Muzakkir Pingsan Demi Kursi Mudik Gratis

Muzakkir Pingsan Demi Kursi Mudik Gratis

- detikNews
Sabtu, 13 Sep 2008 14:01 WIB
Muzakkir Pingsan Demi Kursi Mudik Gratis
Jakarta - Bersilaturahmi dengan sanak keluarga di kampung saat hari raya Idul Fitri bagi mayoritas orang di Indonesia sungguh berharga nilainya. Segala upaya pun kerap ditempuh demi mendapat tiket untuk bisa pulang kampung.

Hal itulah yang berada di kepala Muzakkir (50) saat berangkat dari rumahnya di Mayestik, Jakarta Selatan ke markas DPP PDIP di Lenteng Agung bersama 9 temannya. Harapannya untuk bisa mudik gratis begitu besar, sehingga uang untuk alokasi tiket kereta atau bus bisa untuk keluarga di rumah.

"Ya demi pulang kampung Mas. Naik bus Rp 80 ribu. Lumayan uangnya bisa ditabung, untuk keperluan rumah," katanya kepada detikcom, Sabtu (13/9/2008).

SCROLL TO CONTINUE WITH CONTENT

Muzakkir jatuh pingsan sekitar pukul 09.00 WIB setelah mengantri sejak pukul 06.30 WIB. Dengan kondisi yang sedang berpuasa, dia tidak mampu mengakomodasi suasana antri yang saling berdesakan di bawah teriknya matahari.

Setelah ambruk, Muzakkir digotong panitia menuju ruangan kosong. Di sana Muzakkir akhirnya terpaksa membatalkan puasanya dengan meneguk segelas air putih.

"Saya berangkat dari subuh. Antri sejak pukul 06.30 WIB sampai pukul 09.00 wIB. Nggak geser-geser cuma di situ terus," katanya saat menceritakan kenapa dia bisa sampai pingsan.

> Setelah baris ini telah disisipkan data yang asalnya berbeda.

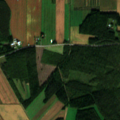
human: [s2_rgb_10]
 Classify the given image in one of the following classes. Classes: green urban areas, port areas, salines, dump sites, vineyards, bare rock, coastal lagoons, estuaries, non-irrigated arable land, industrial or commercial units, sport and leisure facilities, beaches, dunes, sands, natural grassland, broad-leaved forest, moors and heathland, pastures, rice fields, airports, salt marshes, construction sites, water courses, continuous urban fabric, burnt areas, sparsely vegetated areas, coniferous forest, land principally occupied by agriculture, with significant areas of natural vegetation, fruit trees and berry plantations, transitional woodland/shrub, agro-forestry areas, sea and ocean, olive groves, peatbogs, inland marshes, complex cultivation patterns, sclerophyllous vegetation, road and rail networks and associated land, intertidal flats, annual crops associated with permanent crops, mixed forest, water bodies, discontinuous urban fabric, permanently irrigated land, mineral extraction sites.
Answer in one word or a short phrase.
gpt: non-irrigated arable land, coniferous forest, mixed forest
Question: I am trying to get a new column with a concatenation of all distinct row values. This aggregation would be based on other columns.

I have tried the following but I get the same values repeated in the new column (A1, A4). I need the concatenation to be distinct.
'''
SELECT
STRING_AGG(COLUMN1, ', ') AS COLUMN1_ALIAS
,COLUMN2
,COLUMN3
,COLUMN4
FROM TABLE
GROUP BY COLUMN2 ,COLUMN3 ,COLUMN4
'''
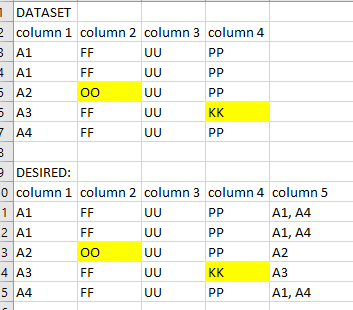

Tapi kejadian itu membawa berkah tersendiri bagi Muzakkir. Seorang panitia acara mudik bareng dari PDIP mendatangi Muzakkir sambil membawa formulir pendaftaran sehingga dirinya tidak perlu lagi susah-susah mengantri.

Kejadian ini membuat panitia mengevaluasi prosedur pendaftarannya. Jumlah meja pengambilan formulir pun ditambah, dari hanya 2 meja menjadi 7 meja.

Pantauan detikcom, sebenarnya ada satu orang lagi yang pingsan selain Muzakkir. Namun orang tersebut tidak ditemukan setelah detikcom mencari kemana-mana.

Sekitar pukul 12.00 WIB, Muzakkir meninggalkan lokasi dengan wajah berseri-seri. Maklum saja, tanggal 28 September nanti, pria yang berprofesi sebagai sopir bajaj itu akan meninggalkan Jakarta menuju kampung halamannya secara gratis.